Here is the text from my openfire.xml file pertaining to searching AD:

baseDN is “DC=xxxxxxxxxxxx,DC=xxxxx” (redacted)

Everything else seems to be working fine. What am I missing?

To clarify, I’m trying to limit users to an AD group called “MessagingUser”, but my settings are not limiting anything. All users and all groups are showing in the Users/Groups window, and test users that are not in the MessagingUser group are still able to log in. I need to ensure that only members of that group can log in.

I could really use some help here!

Thanks

speedy · April 10, 2016, 11:29pm

Your filter doesn’t look quite right. Perhaps this document will help point you in the right direction

How to Setup Authentication Groups with LDAP/AD

Byron_Hay · April 11, 2016, 2:06am

OK, I’ve re-posted your article here for the purpose of asking some additional questions within this same original thread.

YOUR TEXT FROM THE LINK ABOVE:

In this example I’ll be using the following:

AD domain = AD-DOMAIN.local

access group = Openfire Access Group

roster groups = _IM Group1, _IM Group2

(*note - I’ll be using _IM as part of a wildcard search, so all my groups start with _IM for that reason)

First create your security groups:

Create a Domain Local Security Group. In our example call it Openfire Access Group. In this example, I’ve placed the group in the user container

DOES THE GROUP “HAVE” TO BE DOMAIN LOCAL? OR IS THAT JUST SO THAT YOU CAN ADD THE OTHER GROUPS? IN OTHER WORDS, IF I ONLY HAVE ONE GROUP, CAN IT BE GLOBAL AND STILL WORK PROPERLY?

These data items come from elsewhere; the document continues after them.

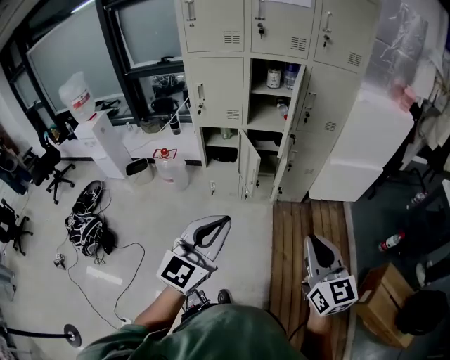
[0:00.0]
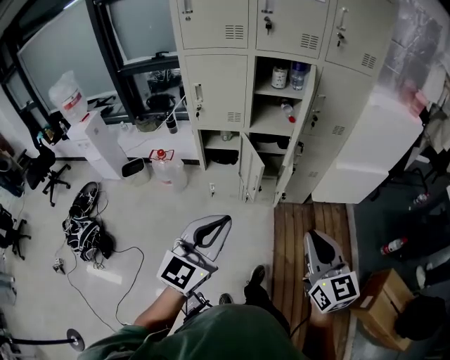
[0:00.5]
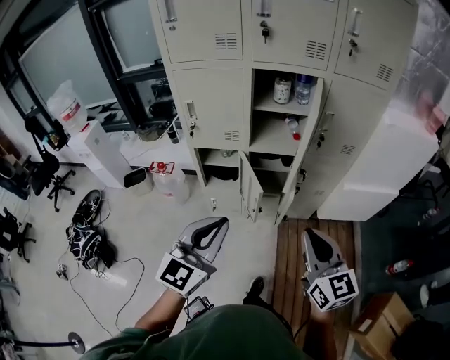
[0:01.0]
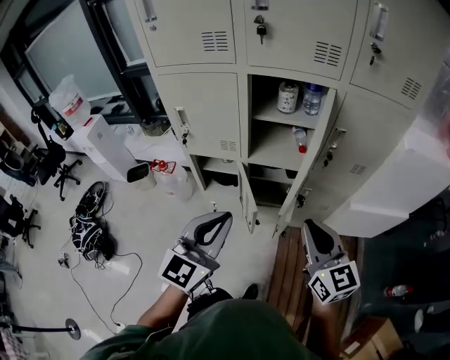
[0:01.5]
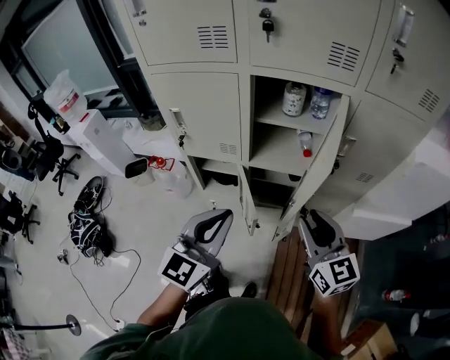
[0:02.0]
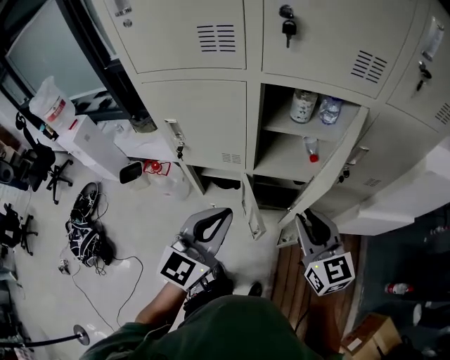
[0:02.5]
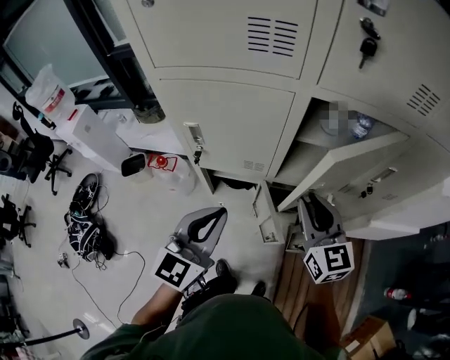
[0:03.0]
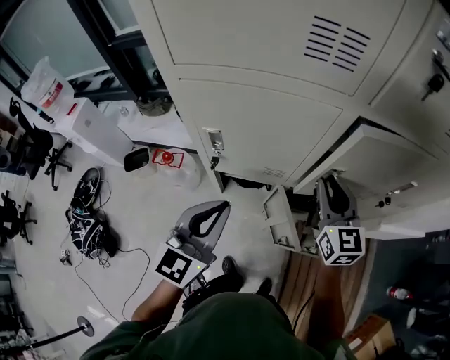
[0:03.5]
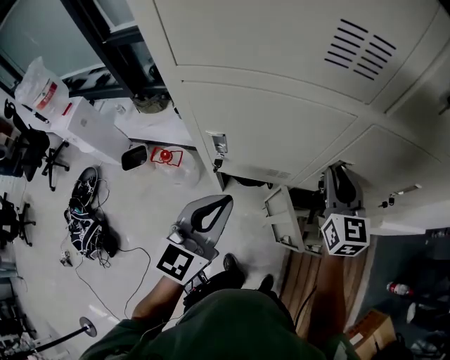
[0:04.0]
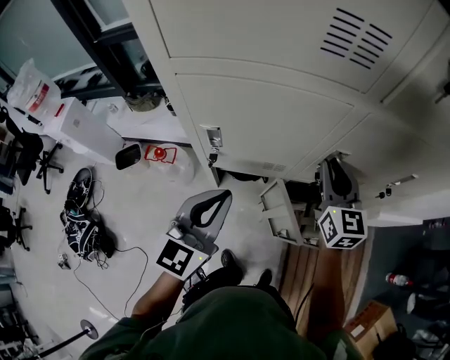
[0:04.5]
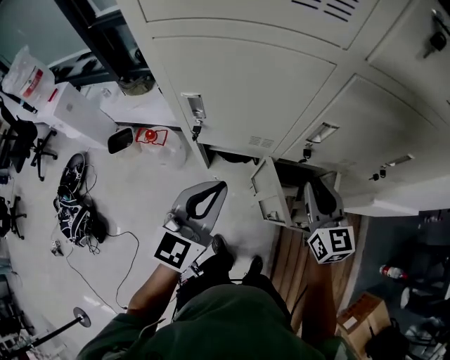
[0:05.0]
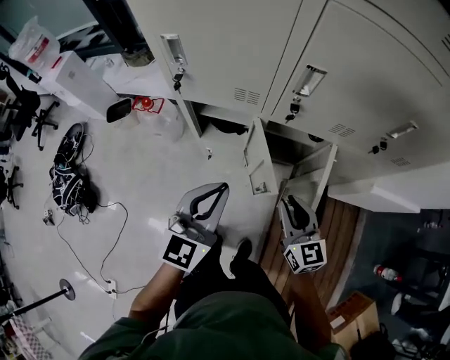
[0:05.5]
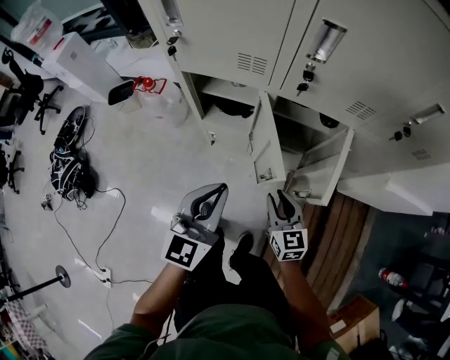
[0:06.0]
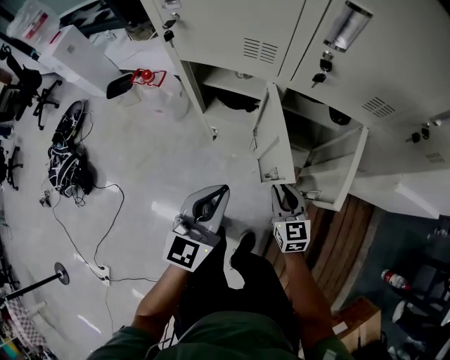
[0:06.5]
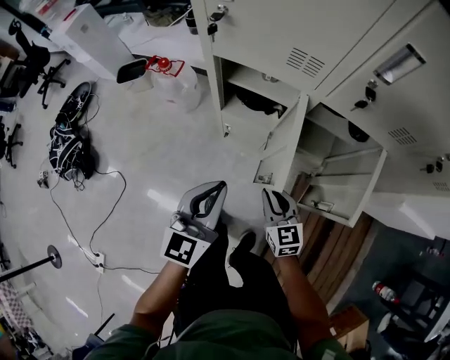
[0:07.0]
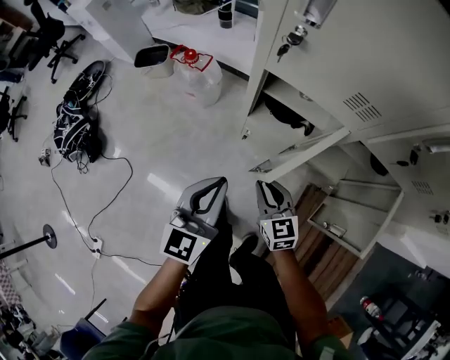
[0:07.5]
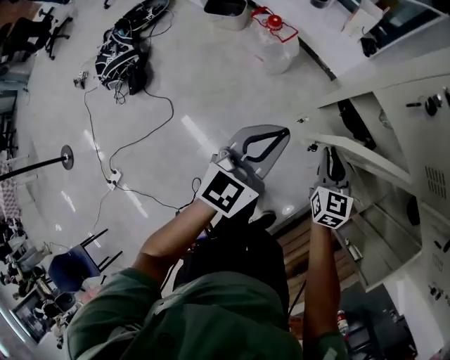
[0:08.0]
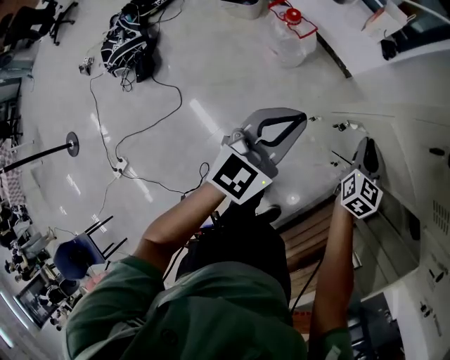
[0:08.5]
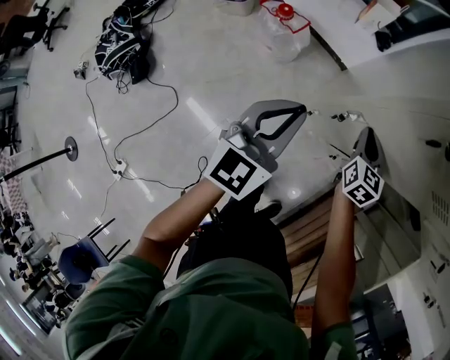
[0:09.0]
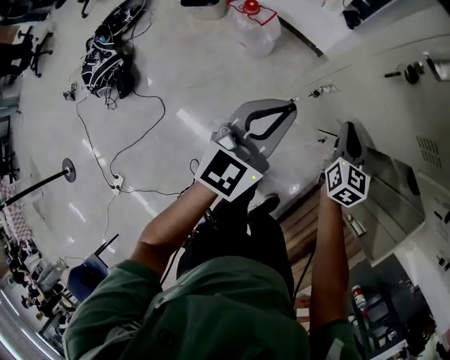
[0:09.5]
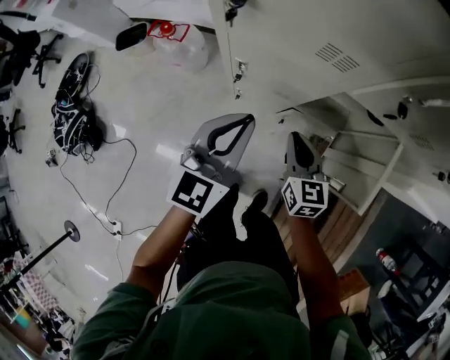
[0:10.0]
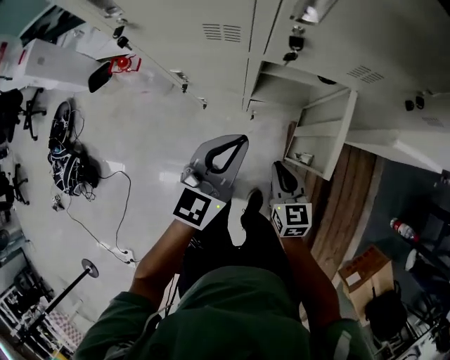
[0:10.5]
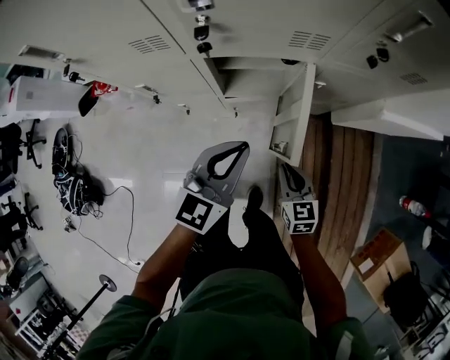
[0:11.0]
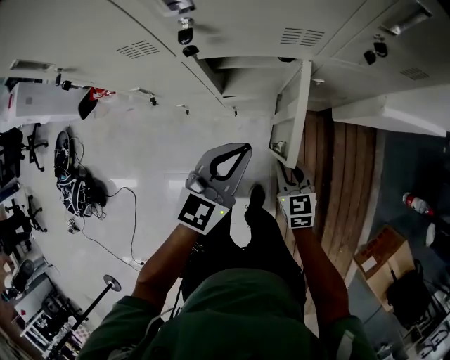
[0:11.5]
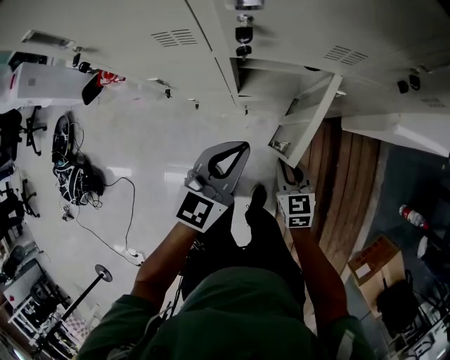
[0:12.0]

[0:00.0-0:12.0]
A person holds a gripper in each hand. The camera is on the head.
0:00.0 to 0:02.0: The grippers both shift forward by about 40 cm. The right gripper opens its fingers.
0:02.0 to 0:04.0: The right gripper travels forward and to the left by approximately 30 cm; the left gripper heads to the left and forward, covering about 25 cm.
0:04.0 to 0:06.0: The left gripper shifts approximately 30 cm downward, backward and to the right. Meanwhile the right gripper shifts roughly 40 cm downward and backward, and swivels approximately 20 degrees.
0:06.0 to 0:08.0: The grippers both shift to the left and forward by roughly 30 cm.
0:08.0 to 0:10.0: The left gripper is displaced to the right and upward by roughly 15 cm. Meanwhile the right gripper travels to the right, backward and upward by roughly 15 cm, and swivels approximately 20 degrees.
0:10.0 to 0:12.0: Both grippers move to the right, about 20 cm. The left gripper turns by some 20 degrees.

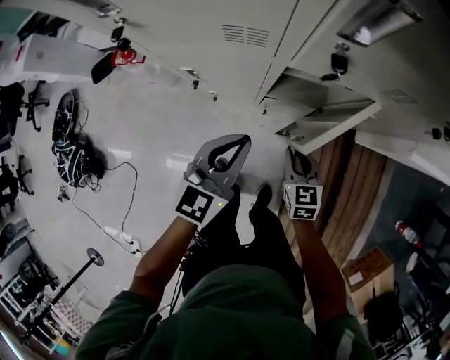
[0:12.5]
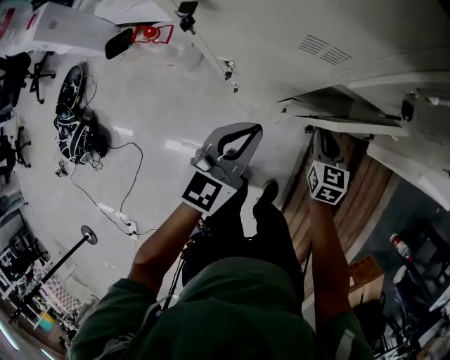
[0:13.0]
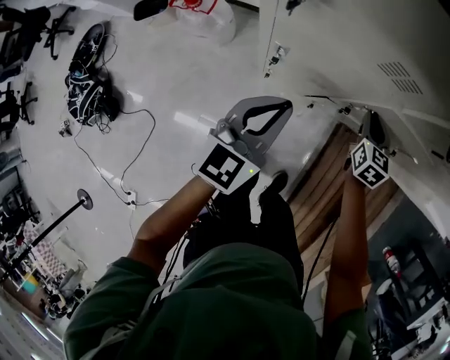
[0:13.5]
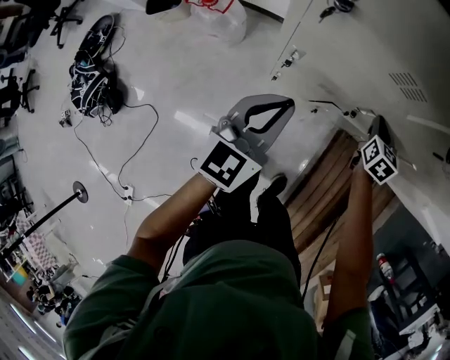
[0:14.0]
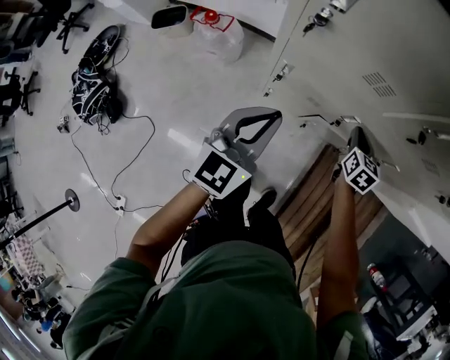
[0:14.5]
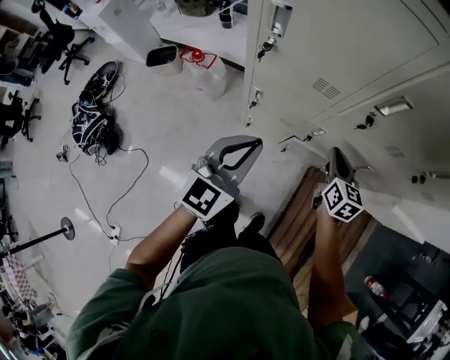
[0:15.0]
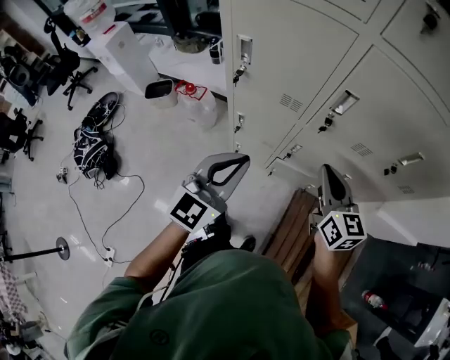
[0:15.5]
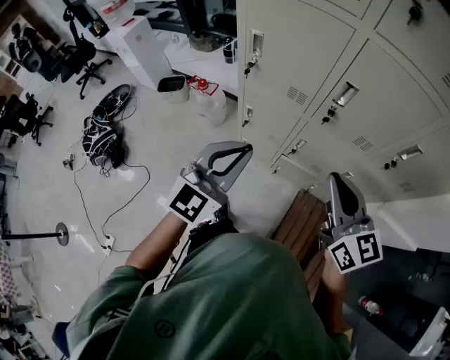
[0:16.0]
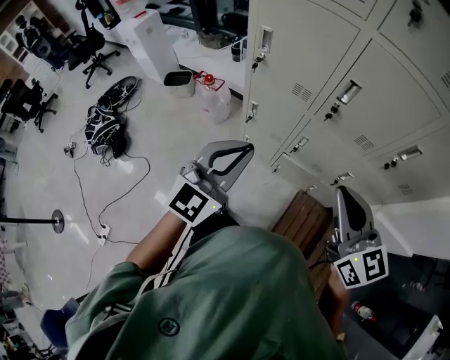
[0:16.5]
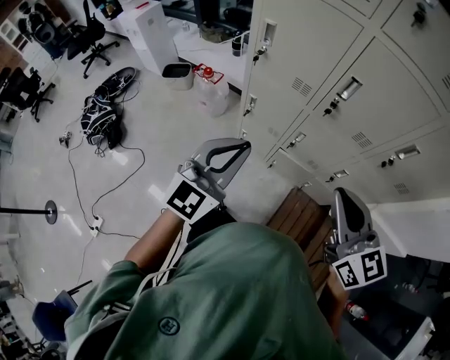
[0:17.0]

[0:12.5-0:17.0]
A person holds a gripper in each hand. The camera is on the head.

Create regular security groups (usually Global). In this example: _IM Group1 and _IM Group2.
Make _IM Group1 and _IM Group2 members of the Openfire Access Group
Add your users to the _IM groups

NOTE: be sure to include your openfire admin account in a group, or you will not be able to log into the admin page.

Next, set your system properties in openfire:

ldap.baseDN

DC=AD-DOMAIN,DC=local

ldap.groupSearchFilter

(objectClass=group)(cn=_IM*)

*This will only list groups that start with _IM

**ldap.searchfilter(&(objectclass=organizationalPerson)(|(memberOf:1.2.840.113556. 1.4.1941:=CN=Openfire Access Group,CN=Users,DC=AD-DOMAIN,DC=local))(!(userAccountControl:1.2.840.113556.1.4. 803:=2))) ** WHERE DO THE NUMBERS COME FROM? ARE THEY THE SAME FOR EVERY ACTIVE DIRECTORY? OR DO I NEED TO LOCATE SOME FOR MY ACTIVE DIRECTORY? ARE THEY NECESSARY FOR THIS TO WORK?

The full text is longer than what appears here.